**SUPPLIED DATA:**
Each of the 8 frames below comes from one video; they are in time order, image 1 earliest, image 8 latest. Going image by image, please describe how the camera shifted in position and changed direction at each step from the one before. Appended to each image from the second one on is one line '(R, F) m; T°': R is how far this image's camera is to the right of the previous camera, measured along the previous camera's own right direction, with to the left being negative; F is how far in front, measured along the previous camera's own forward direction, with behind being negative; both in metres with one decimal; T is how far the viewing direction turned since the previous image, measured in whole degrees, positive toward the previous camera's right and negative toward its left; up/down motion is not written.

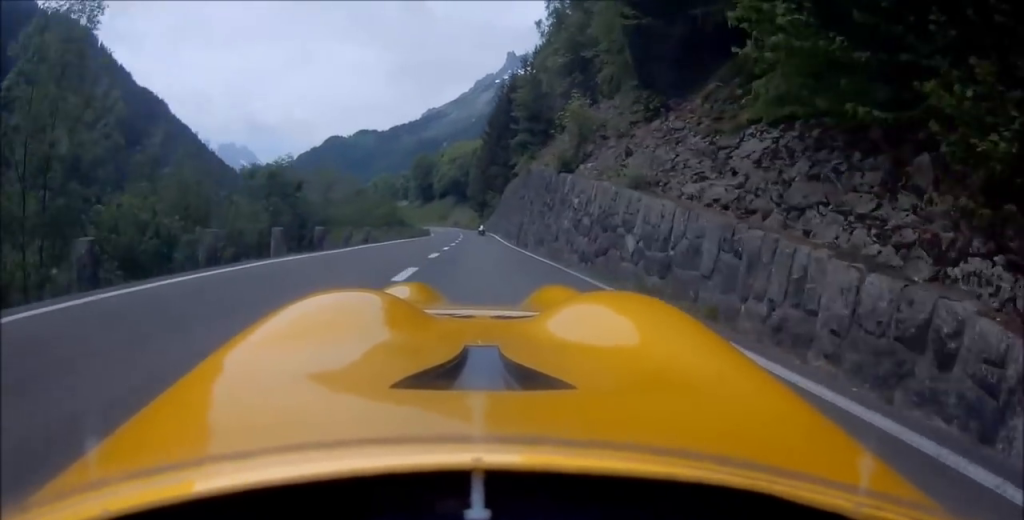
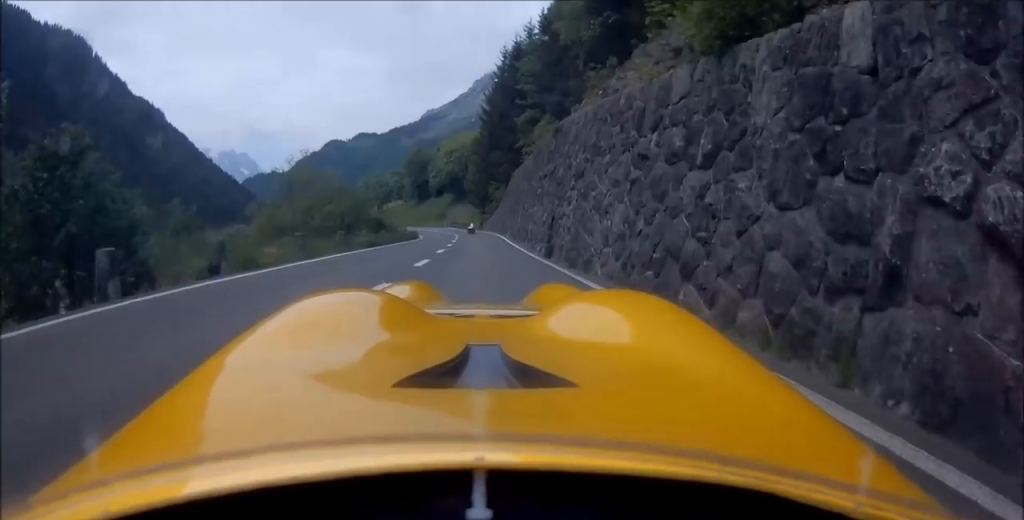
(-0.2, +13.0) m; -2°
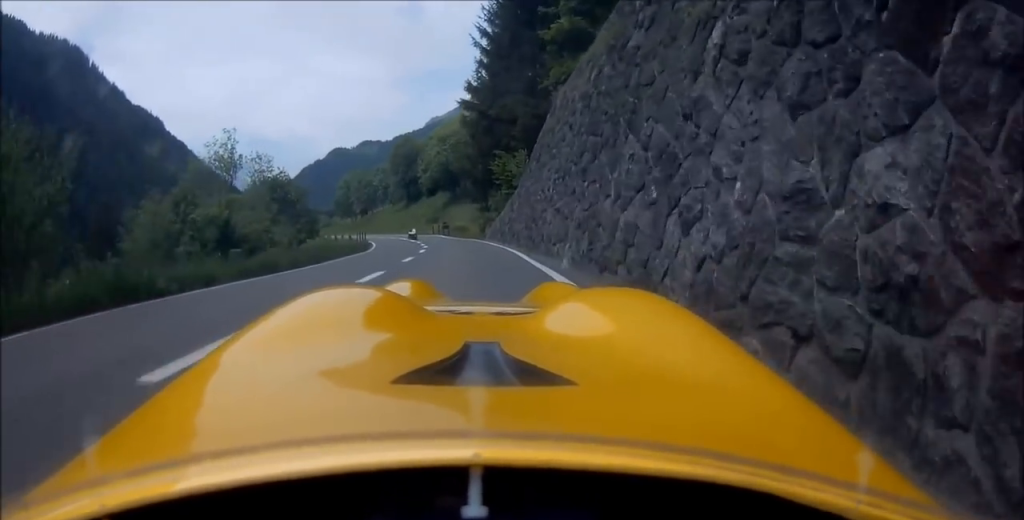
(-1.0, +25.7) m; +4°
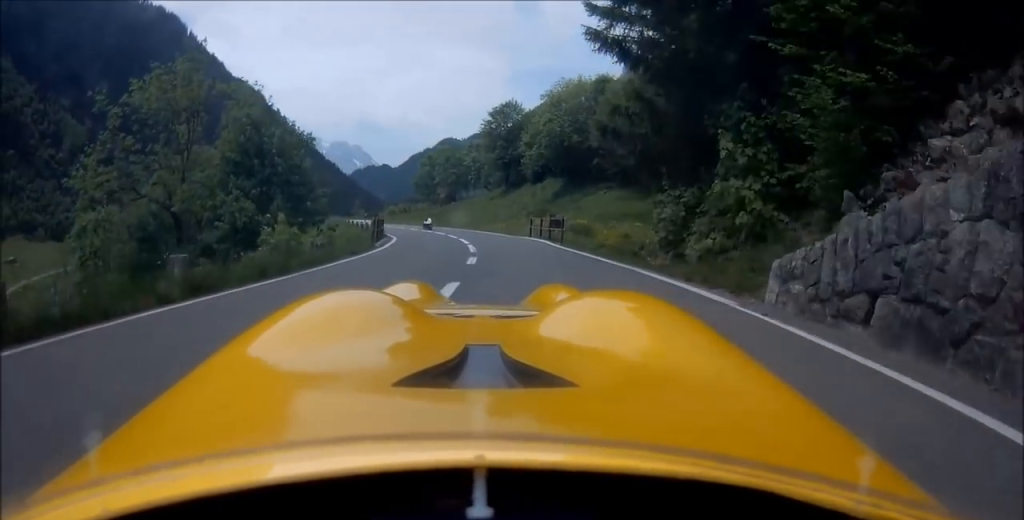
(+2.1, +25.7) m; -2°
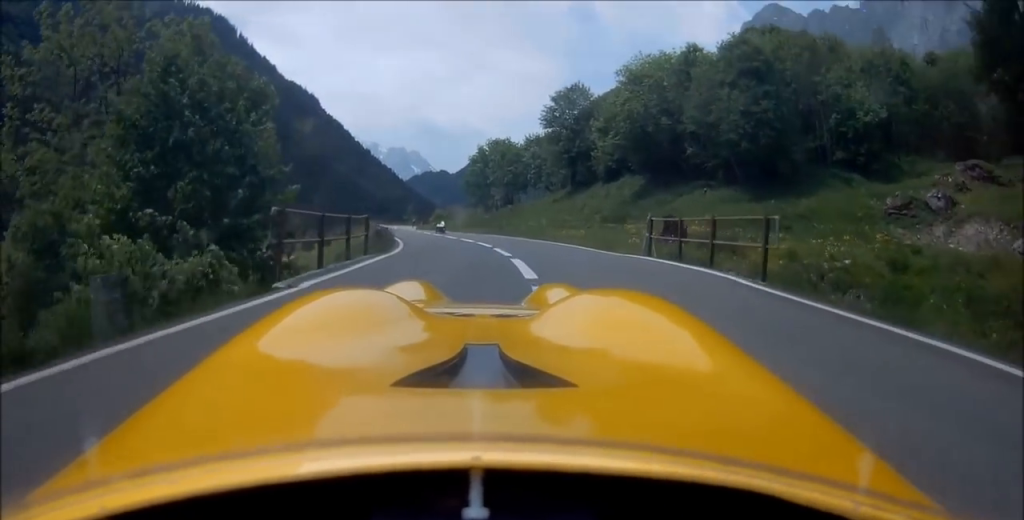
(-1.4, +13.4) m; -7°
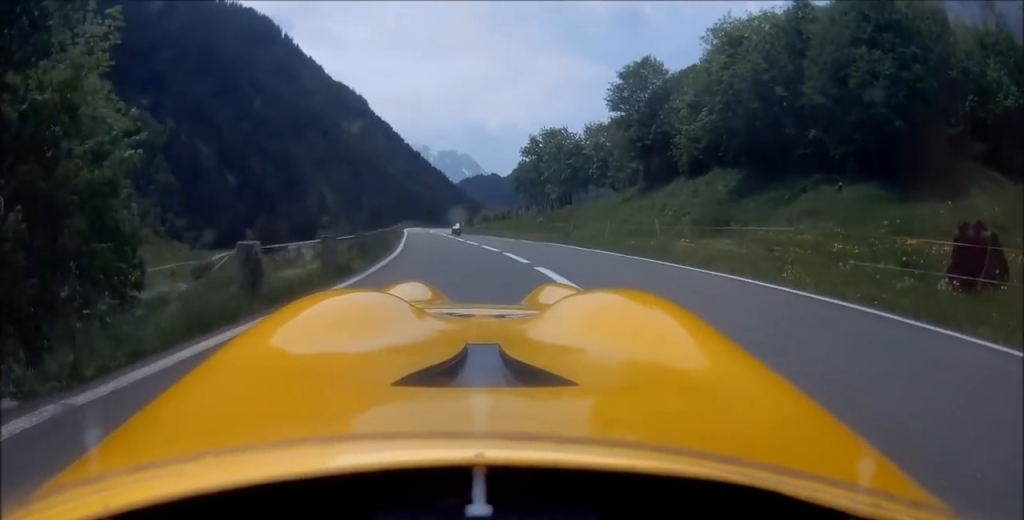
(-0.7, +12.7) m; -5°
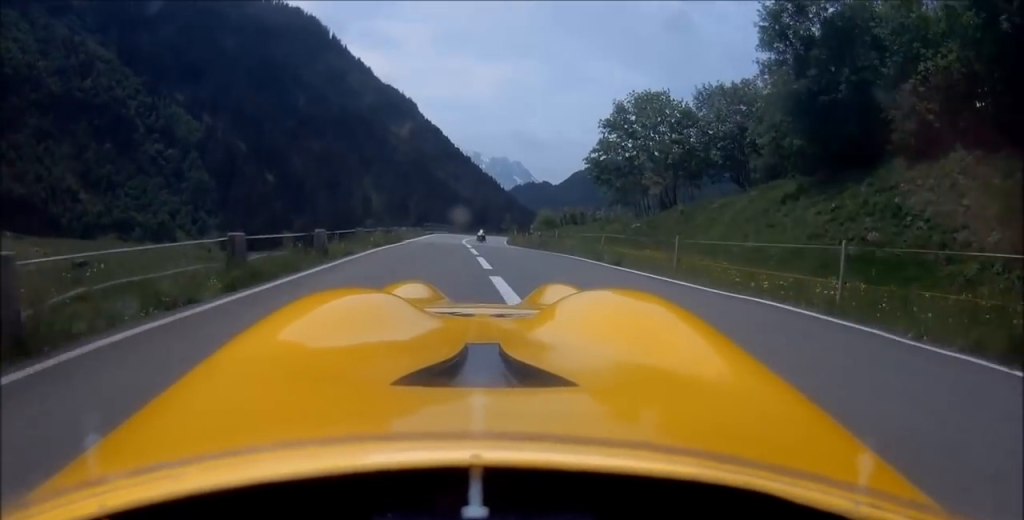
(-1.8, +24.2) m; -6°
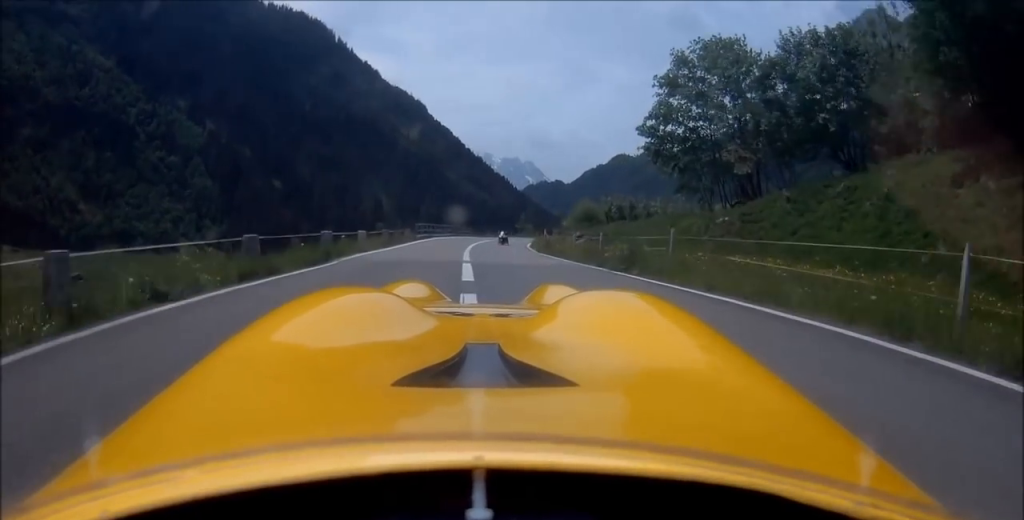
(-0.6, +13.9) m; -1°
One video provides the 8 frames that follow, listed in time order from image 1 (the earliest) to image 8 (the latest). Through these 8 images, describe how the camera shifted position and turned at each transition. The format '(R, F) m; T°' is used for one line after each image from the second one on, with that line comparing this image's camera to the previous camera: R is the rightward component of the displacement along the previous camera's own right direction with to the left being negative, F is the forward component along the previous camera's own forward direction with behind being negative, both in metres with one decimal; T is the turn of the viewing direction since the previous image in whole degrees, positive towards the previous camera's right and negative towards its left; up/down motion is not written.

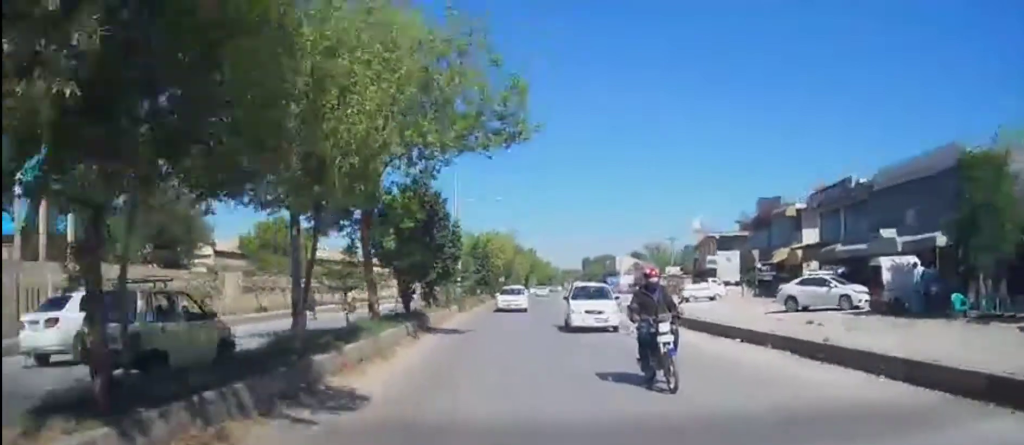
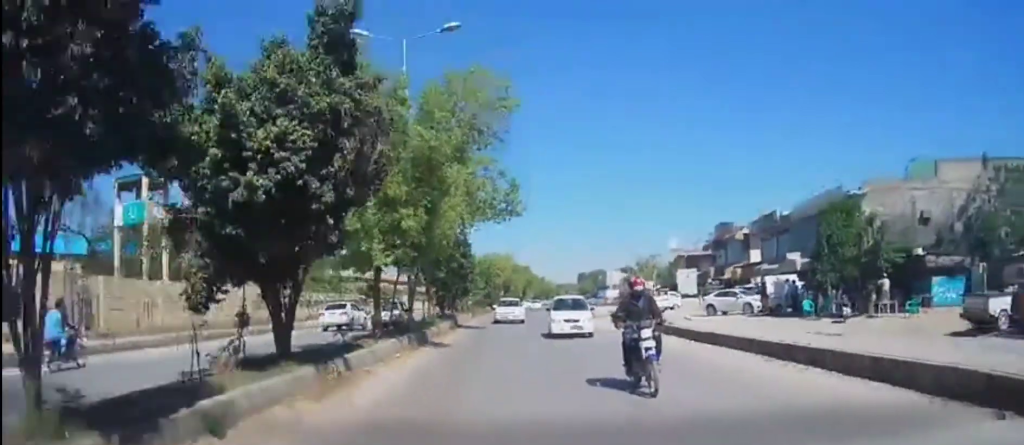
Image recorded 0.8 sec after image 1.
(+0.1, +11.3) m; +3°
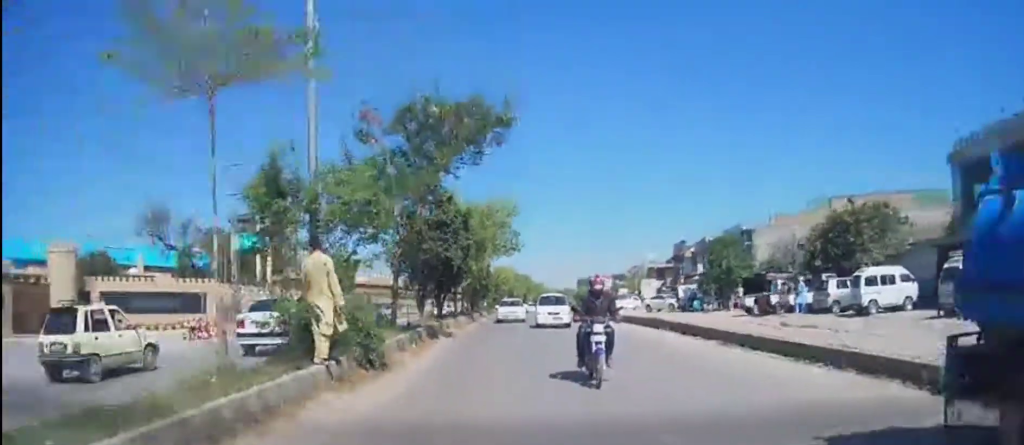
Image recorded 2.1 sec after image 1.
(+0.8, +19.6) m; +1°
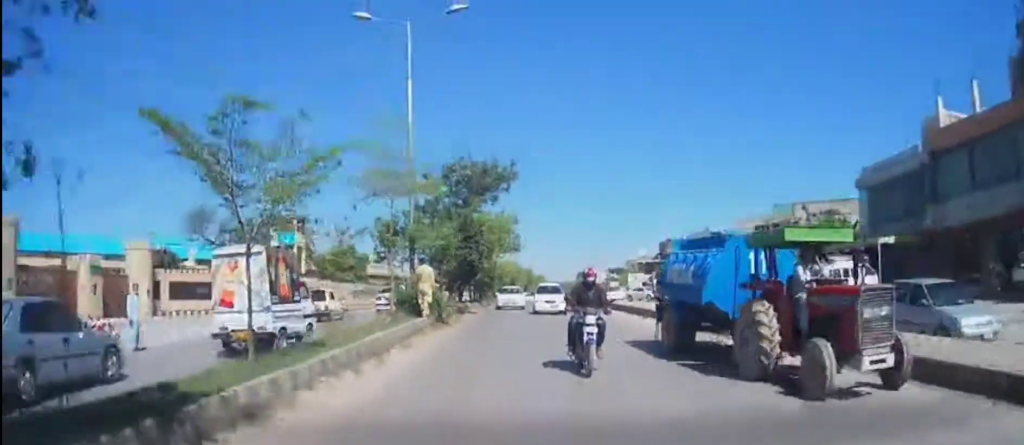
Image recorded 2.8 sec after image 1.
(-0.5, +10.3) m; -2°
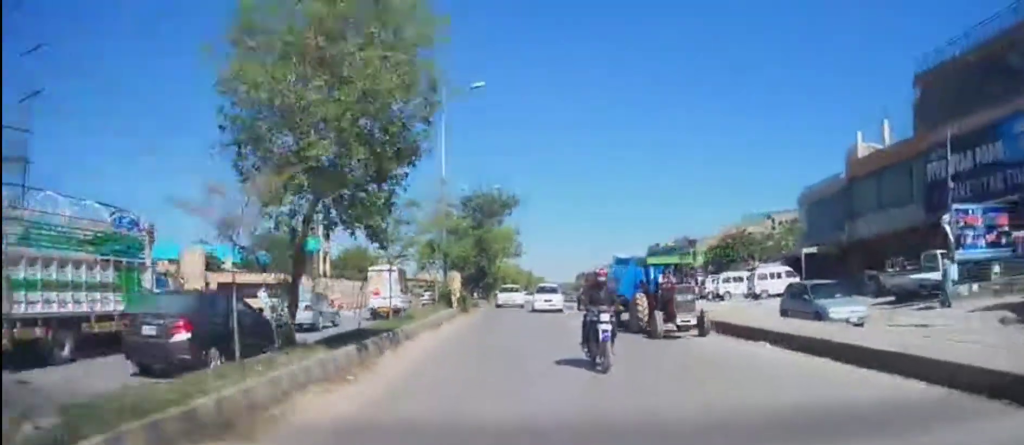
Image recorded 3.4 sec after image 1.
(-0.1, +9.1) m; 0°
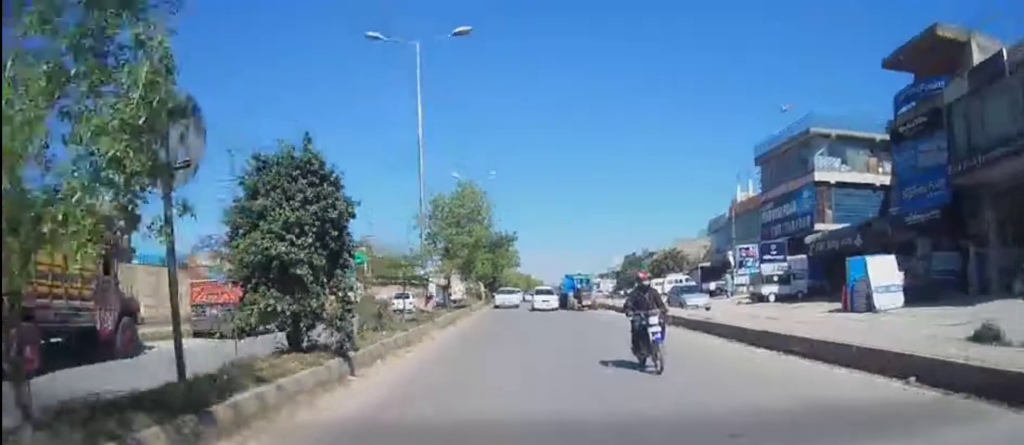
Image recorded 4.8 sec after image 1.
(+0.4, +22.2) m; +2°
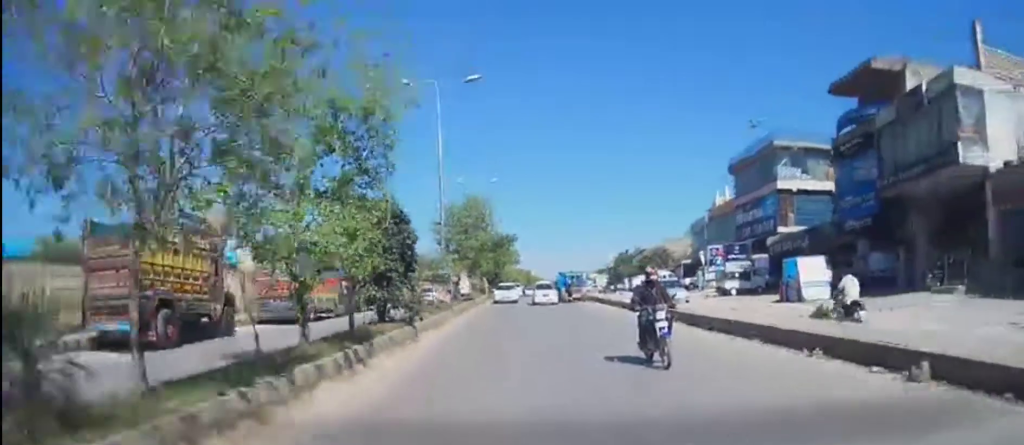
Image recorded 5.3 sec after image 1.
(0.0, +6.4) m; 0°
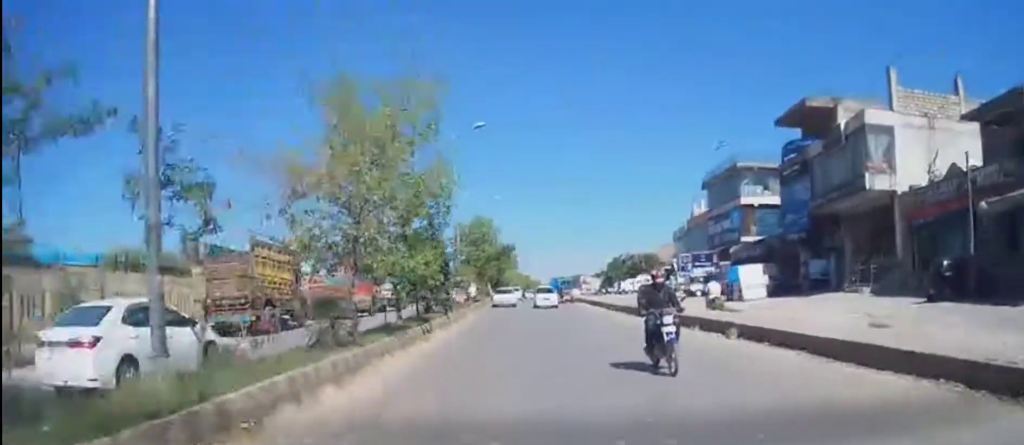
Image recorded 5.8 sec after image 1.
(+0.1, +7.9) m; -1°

**TASK DIRECTIONS:** Return to the listing above and set it down exactly, leaving out its pictures.

**OUTPUT FOR THIS EXERCISE:**
Each of the 8 frames below comes from one video; they are in time order, image 1 earliest, image 8 latest. Going image by image, please describe how the camera shifted in position and changed direction at each step from the one before. Appended to each image from the second one on is one line '(R, F) m; T°': R is how far this image's camera is to the right of the previous camera, measured along the previous camera's own right direction, with to the left being negative; F is how far in front, measured along the previous camera's own forward direction, with behind being negative; both in metres with one decimal; T is how far the viewing direction turned since the previous image, measured in whole degrees, positive toward the previous camera's right and negative toward its left; up/down motion is not written.

(-0.2, +13.0) m; -2°
(-1.0, +25.7) m; +4°
(+2.1, +25.7) m; -2°
(-1.4, +13.4) m; -7°
(-0.7, +12.7) m; -5°
(-1.8, +24.2) m; -6°
(-0.6, +13.9) m; -1°
One video provides the 8 frames that follow, listed in time order from image 1 (the earliest) to image 8 (the latest). Through these 8 images, describe how the camera shifted position and turned at each transition. The format '(R, F) m; T°' is used for one line after each image from the second one on, with that line comparing this image's camera to the previous camera: R is the rightward component of the displacement along the previous camera's own right direction with to the left being negative, F is the forward component along the previous camera's own forward direction with behind being negative, both in metres with one decimal; T is the turn of the viewing direction since the previous image in whole degrees, positive towards the previous camera's right and negative towards its left; up/down motion is not written.

Image recorded 0.8 sec after image 1.
(+0.1, +11.3) m; +3°
Image recorded 2.1 sec after image 1.
(+0.8, +19.6) m; +1°
Image recorded 2.8 sec after image 1.
(-0.5, +10.3) m; -2°
Image recorded 3.4 sec after image 1.
(-0.1, +9.1) m; 0°
Image recorded 4.8 sec after image 1.
(+0.4, +22.2) m; +2°
Image recorded 5.3 sec after image 1.
(0.0, +6.4) m; 0°
Image recorded 5.8 sec after image 1.
(+0.1, +7.9) m; -1°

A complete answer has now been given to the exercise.